Six years of military and political successes had laid their inescapable marks upon Donal’s face, marks plain to be seen in the sunlight. At a casual glance he appeared hardly older than the young man who had left the Dorsai half a dozen years before. But a closer inspection showed him to be slightly heavier of build now — even a little taller. Only this extra weight, slight increase as it was, had not served to soften the clear lines of his features. Rather these same features had grown more pronounced, more hard of line. His eyes seemed a little deeper set now; and the habit of command — command extended to the point where it became unconscious — had cast an invisible shadow upon his brows, so that it had become a face men obeyed without thinking, as if it was the natural thing to do.

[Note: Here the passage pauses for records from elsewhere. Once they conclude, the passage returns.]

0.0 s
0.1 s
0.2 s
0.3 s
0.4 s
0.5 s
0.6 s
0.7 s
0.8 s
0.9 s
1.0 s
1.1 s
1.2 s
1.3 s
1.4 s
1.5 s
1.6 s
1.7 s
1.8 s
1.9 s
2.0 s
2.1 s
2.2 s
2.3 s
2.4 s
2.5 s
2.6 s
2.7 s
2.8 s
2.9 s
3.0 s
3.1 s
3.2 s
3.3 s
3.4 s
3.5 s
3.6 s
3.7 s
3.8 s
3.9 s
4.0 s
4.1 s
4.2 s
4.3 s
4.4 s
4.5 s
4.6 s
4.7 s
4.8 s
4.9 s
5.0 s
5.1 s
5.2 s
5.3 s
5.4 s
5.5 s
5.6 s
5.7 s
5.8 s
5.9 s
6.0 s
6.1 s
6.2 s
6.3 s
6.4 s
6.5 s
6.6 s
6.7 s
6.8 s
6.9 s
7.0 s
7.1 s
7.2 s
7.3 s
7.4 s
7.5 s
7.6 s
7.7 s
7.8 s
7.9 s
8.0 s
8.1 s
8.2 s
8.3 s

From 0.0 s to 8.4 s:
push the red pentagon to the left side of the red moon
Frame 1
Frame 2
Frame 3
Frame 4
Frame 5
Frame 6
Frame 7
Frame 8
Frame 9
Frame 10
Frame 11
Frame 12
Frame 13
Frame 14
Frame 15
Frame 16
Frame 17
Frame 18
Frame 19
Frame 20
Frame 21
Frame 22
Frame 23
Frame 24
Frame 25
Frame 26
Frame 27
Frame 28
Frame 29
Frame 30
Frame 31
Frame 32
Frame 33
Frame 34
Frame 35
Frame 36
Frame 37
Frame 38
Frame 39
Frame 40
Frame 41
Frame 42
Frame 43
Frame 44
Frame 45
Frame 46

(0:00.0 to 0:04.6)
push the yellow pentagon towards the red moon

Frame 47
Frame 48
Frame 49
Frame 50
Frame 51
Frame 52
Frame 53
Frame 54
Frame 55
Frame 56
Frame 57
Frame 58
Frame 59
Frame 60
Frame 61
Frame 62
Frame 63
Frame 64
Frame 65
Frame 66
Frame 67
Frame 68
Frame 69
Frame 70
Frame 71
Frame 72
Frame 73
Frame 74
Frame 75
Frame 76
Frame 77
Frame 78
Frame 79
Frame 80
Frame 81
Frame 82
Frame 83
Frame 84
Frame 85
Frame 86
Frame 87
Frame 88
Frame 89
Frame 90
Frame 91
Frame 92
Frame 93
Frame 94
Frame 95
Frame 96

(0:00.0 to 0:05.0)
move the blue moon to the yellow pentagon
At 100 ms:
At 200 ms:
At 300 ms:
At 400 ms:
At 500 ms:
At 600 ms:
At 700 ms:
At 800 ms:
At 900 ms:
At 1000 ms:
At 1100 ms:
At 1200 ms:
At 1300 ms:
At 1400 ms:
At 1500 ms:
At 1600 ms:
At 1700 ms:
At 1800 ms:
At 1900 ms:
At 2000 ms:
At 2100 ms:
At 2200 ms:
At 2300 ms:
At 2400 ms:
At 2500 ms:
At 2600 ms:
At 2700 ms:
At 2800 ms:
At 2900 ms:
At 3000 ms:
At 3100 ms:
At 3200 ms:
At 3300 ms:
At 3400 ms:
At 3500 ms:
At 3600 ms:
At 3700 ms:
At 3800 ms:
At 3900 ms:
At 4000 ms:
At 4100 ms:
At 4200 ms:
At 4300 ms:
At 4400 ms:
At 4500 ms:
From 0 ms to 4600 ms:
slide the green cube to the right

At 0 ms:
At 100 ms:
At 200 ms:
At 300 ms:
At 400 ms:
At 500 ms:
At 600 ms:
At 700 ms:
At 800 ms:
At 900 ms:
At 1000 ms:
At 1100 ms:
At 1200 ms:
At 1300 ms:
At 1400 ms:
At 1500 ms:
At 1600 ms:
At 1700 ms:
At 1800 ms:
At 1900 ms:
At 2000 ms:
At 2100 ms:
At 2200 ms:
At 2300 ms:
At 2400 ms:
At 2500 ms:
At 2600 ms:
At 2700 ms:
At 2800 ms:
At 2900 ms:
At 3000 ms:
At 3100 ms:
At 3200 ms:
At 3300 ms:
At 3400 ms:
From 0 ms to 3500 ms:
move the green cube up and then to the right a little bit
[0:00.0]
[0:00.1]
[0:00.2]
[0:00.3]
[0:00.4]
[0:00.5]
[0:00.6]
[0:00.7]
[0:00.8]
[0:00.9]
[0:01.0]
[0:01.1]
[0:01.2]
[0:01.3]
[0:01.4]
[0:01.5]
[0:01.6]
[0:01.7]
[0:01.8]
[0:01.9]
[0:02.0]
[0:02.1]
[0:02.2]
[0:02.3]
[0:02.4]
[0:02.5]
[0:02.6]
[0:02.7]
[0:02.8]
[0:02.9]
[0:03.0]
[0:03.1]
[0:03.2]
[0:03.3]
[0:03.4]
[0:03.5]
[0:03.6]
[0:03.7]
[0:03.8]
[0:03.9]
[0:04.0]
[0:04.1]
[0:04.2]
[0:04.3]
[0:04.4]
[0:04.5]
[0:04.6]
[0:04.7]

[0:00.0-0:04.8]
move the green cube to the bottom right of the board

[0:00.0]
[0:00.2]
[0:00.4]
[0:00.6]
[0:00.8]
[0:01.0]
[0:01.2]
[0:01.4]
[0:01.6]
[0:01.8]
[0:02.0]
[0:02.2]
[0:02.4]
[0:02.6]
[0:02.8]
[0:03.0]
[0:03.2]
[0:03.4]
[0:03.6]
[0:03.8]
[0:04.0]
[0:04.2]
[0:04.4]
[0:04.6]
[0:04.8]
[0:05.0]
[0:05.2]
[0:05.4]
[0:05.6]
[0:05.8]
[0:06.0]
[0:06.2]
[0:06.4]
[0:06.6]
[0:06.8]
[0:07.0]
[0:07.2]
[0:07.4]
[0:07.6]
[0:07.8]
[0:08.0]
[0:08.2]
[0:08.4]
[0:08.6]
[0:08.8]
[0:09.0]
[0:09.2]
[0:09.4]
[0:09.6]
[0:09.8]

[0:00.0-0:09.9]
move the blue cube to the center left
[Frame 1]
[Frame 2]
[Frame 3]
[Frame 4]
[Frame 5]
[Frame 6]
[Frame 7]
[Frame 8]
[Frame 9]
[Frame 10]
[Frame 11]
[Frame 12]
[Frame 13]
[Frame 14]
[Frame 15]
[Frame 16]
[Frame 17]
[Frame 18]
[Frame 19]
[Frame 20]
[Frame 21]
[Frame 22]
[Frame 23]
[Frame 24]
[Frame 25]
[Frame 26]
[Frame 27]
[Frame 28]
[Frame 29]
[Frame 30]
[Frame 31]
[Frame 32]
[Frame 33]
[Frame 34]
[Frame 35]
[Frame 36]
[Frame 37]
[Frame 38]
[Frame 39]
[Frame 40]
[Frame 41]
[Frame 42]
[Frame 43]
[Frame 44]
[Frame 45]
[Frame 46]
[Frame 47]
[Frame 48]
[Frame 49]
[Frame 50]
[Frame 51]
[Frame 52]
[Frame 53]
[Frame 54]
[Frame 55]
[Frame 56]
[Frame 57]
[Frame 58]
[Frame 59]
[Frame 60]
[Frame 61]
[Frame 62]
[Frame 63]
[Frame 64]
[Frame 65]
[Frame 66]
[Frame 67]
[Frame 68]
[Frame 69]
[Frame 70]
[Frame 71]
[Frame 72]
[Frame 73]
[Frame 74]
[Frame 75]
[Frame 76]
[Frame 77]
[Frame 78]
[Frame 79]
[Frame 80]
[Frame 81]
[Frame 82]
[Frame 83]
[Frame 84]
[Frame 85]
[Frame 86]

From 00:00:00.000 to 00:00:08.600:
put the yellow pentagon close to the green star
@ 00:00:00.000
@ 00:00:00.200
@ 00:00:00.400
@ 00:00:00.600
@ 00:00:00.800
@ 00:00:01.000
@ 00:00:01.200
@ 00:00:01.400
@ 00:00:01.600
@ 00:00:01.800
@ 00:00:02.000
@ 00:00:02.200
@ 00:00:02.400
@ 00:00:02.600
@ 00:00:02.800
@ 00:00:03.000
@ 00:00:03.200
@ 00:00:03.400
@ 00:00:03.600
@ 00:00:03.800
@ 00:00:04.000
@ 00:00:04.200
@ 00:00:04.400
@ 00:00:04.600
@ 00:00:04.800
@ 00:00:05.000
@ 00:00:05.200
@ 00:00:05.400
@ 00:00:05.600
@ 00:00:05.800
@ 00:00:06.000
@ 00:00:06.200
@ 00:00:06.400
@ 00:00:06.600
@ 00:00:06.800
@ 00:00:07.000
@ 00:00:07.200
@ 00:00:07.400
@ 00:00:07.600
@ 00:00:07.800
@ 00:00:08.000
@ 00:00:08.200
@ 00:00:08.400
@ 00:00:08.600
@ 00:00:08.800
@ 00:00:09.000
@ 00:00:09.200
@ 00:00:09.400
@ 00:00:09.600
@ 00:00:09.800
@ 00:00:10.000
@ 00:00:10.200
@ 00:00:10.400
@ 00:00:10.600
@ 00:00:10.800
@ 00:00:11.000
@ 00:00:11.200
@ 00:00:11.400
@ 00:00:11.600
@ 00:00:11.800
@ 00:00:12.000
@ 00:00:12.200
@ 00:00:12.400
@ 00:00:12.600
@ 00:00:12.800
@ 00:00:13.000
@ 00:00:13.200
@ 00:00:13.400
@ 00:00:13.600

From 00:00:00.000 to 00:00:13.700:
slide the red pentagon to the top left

“Well?” he said, as Ian came up.
“They’ve got New Earth,” his uncle answered; and handed over the signal tape. “Private-and-secret to you from Galt.”
Donal took the tape automatically, that deeper, more hidden part of him immediately taking over his mind. If the six years had wrought changes upon his person and manner, they had worked to even greater ends below the surface of his being. Six years of command, six years of estimate and decision had beaten broad the path between his upper mind and that dark, oceanic part of him, the depthless waters of which lapped on all known shores and many yet unknown. He had come — you could not say to terms — but to truce with the source of his oddness; hiding it well from others, but accepting it to himself for the sake of the tool it placed in his hands. Now, this information Ian had just brought him was like one more stirring of the shadowy depths, a rippled vibration spreading out to affect all, integrate with all — and make even more clear the vast and shadowy ballet of purpose and counter-purpose that was behind all living action; and — for himself — a call to action.
As Protector of Procyon, now responsible not only for the defense of the Exotics, but of the two smaller inhabited planets in that system — St. Marie, and Coby — that action was required of him. But even more; as himself, it was required of him. So that what it now implied was not something he was eager to avoid. Rather, it was due, and welcome. Indeed, it was almost too welcome — fortuitous, even.